+++ Input records +++

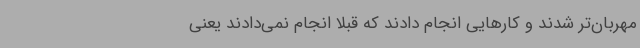
مهربان‌تر شدند و کارهایی انجام دادند که قبلاً انجام نمی‌دادند یعنی
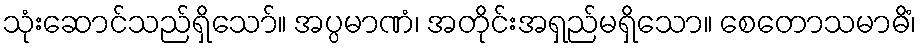
သုံးဆောင်သည်ရှိသော်။ အပ္ပမာဏံ၊ အတိုင်းအရှည်မရှိသော။ စေတောသမာဓိံ၊
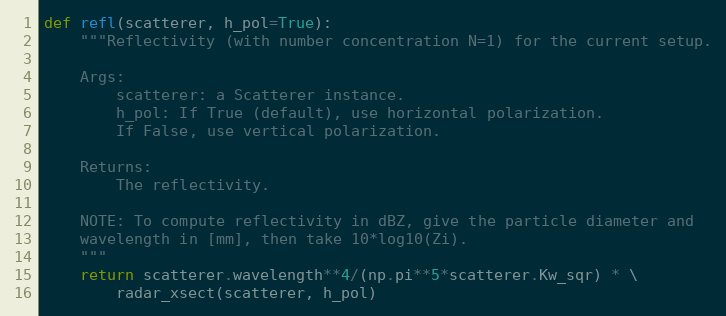
Language: Python
def refl(scatterer, h_pol=True):
    """Reflectivity (with number concentration N=1) for the current setup.

    Args:
        scatterer: a Scatterer instance.
        h_pol: If True (default), use horizontal polarization.
        If False, use vertical polarization.

    Returns:
        The reflectivity.

    NOTE: To compute reflectivity in dBZ, give the particle diameter and
    wavelength in [mm], then take 10*log10(Zi).
    """
    return scatterer.wavelength**4/(np.pi**5*scatterer.Kw_sqr) * \
        radar_xsect(scatterer, h_pol)
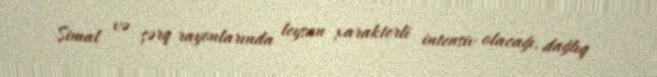
Şimal və şərq rayonlarında leysan xarakterli intensiv olacağı, dağlıq
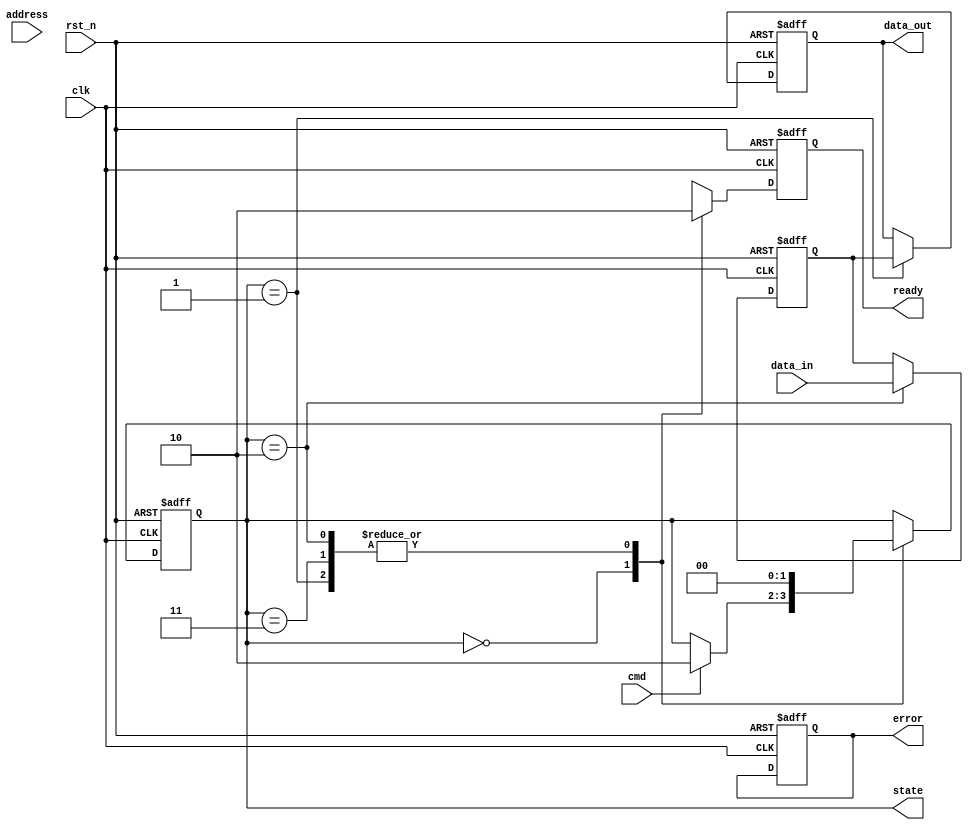
module nand_flash_io_block #(
    parameter DQ_WIDTH = 8 // Number of data lines
) (
    input wire clk,           // System Clock
    input wire rst_n,         // Active low reset
    input wire cmd,           // Command signal
    input wire [DQ_WIDTH-1:0] data_in,  // Data input (for writing)
    output reg [DQ_WIDTH-1:0] data_out,  // Data output (for reading)
    input wire [15:0] address, // Address input
    output reg ready,         // Ready signal
    output reg error,         // Error signal
    output reg [1:0] state    // State output
);

    // State Definitions
    localparam IDLE      = 2'b00;
    localparam READ      = 2'b01;
    localparam WRITE     = 2'b10;
    localparam ERASE     = 2'b11;

    reg [DQ_WIDTH-1:0] data_latch;  // Data latch for writing
    reg [15:0] addr_latch;           // Address latch

    // Control logic (State machine)
    always @(posedge clk or negedge rst_n) begin
        if (!rst_n) begin
            state <= IDLE;
            ready <= 1'b1; // Ready when reset
            error <= 1'b0; // No error on reset
            data_out <= 0;
            data_latch <= 0;
            addr_latch <= 0;
        end else begin
            case (state)
                IDLE: begin
                    ready <= 1'b1; 
                    if (cmd) begin // Assume command high indicates a valid command
                        // Load the address and proceed based on the command
                        addr_latch <= address;  // Latch the address
                        state <= WRITE; // Placeholder; you may want to decode cmd here
                    end
                end

                WRITE: begin
                    data_latch <= data_in; // Latch the input data
                    // Simulate write operation
                    ready <= 1'b0; // Not ready while writing
                    // Here: Place code to handle actual NAND writing...
                    state <= IDLE; // Move to idle after write
                end

                // Add the READ and ERASE operations here
                READ: begin
                    // Simulate read operation
                    data_out <= data_latch; // Output the latched data
                    ready <= 1'b0; // Not ready while reading
                    state <= IDLE; // Move to idle after read
                end

                ERASE: begin
                    // Simulate erase operation
                    ready <= 1'b0; // Not ready while erasing
                    // Here: Place code to handle NAND erase...
                    state <= IDLE; // Move to idle after erase
                end

                default: state <= IDLE; // Default state
            endcase
        end
    end

endmodule

+++

In your copy of the entries above, leave out the pictures and keep every word exact.

مهربان‌تر شدند و کارهایی انجام دادند که قبلاً انجام نمی‌دادند یعنی
သုံးဆောင်သည်ရှိသော်။ အပ္ပမာဏံ၊ အတိုင်းအရှည်မရှိသော။ စေတောသမာဓိံ၊
Language: Python
def refl(scatterer, h_pol=True):
    """Reflectivity (with number concentration N=1) for the current setup.

    Args:
        scatterer: a Scatterer instance.
        h_pol: If True (default), use horizontal polarization.
        If False, use vertical polarization.

    Returns:
        The reflectivity.

    NOTE: To compute reflectivity in dBZ, give the particle diameter and
    wavelength in [mm], then take 10*log10(Zi).
    """
    return scatterer.wavelength**4/(np.pi**5*scatterer.Kw_sqr) * \
        radar_xsect(scatterer, h_pol)
Şimal və şərq rayonlarında leysan xarakterli intensiv olacağı, dağlıq
module nand_flash_io_block #(
    parameter DQ_WIDTH = 8 // Number of data lines
) (
    input wire clk,           // System Clock
    input wire rst_n,         // Active low reset
    input wire cmd,           // Command signal
    input wire [DQ_WIDTH-1:0] data_in,  // Data input (for writing)
    output reg [DQ_WIDTH-1:0] data_out,  // Data output (for reading)
    input wire [15:0] address, // Address input
    output reg ready,         // Ready signal
    output reg error,         // Error signal
    output reg [1:0] state    // State output
);

    // State Definitions
    localparam IDLE      = 2'b00;
    localparam READ      = 2'b01;
    localparam WRITE     = 2'b10;
    localparam ERASE     = 2'b11;

    reg [DQ_WIDTH-1:0] data_latch;  // Data latch for writing
    reg [15:0] addr_latch;           // Address latch

    // Control logic (State machine)
    always @(posedge clk or negedge rst_n) begin
        if (!rst_n) begin
            state <= IDLE;
            ready <= 1'b1; // Ready when reset
            error <= 1'b0; // No error on reset
            data_out <= 0;
            data_latch <= 0;
            addr_latch <= 0;
        end else begin
            case (state)
                IDLE: begin
                    ready <= 1'b1; 
                    if (cmd) begin // Assume command high indicates a valid command
                        // Load the address and proceed based on the command
                        addr_latch <= address;  // Latch the address
                        state <= WRITE; // Placeholder; you may want to decode cmd here
                    end
                end

                WRITE: begin
                    data_latch <= data_in; // Latch the input data
                    // Simulate write operation
                    ready <= 1'b0; // Not ready while writing
                    // Here: Place code to handle actual NAND writing...
                    state <= IDLE; // Move to idle after write
                end

                // Add the READ and ERASE operations here
                READ: begin
                    // Simulate read operation
                    data_out <= data_latch; // Output the latched data
                    ready <= 1'b0; // Not ready while reading
                    state <= IDLE; // Move to idle after read
                end

                ERASE: begin
                    // Simulate erase operation
                    ready <= 1'b0; // Not ready while erasing
                    // Here: Place code to handle NAND erase...
                    state <= IDLE; // Move to idle after erase
                end

                default: state <= IDLE; // Default state
            endcase
        end
    end

endmodule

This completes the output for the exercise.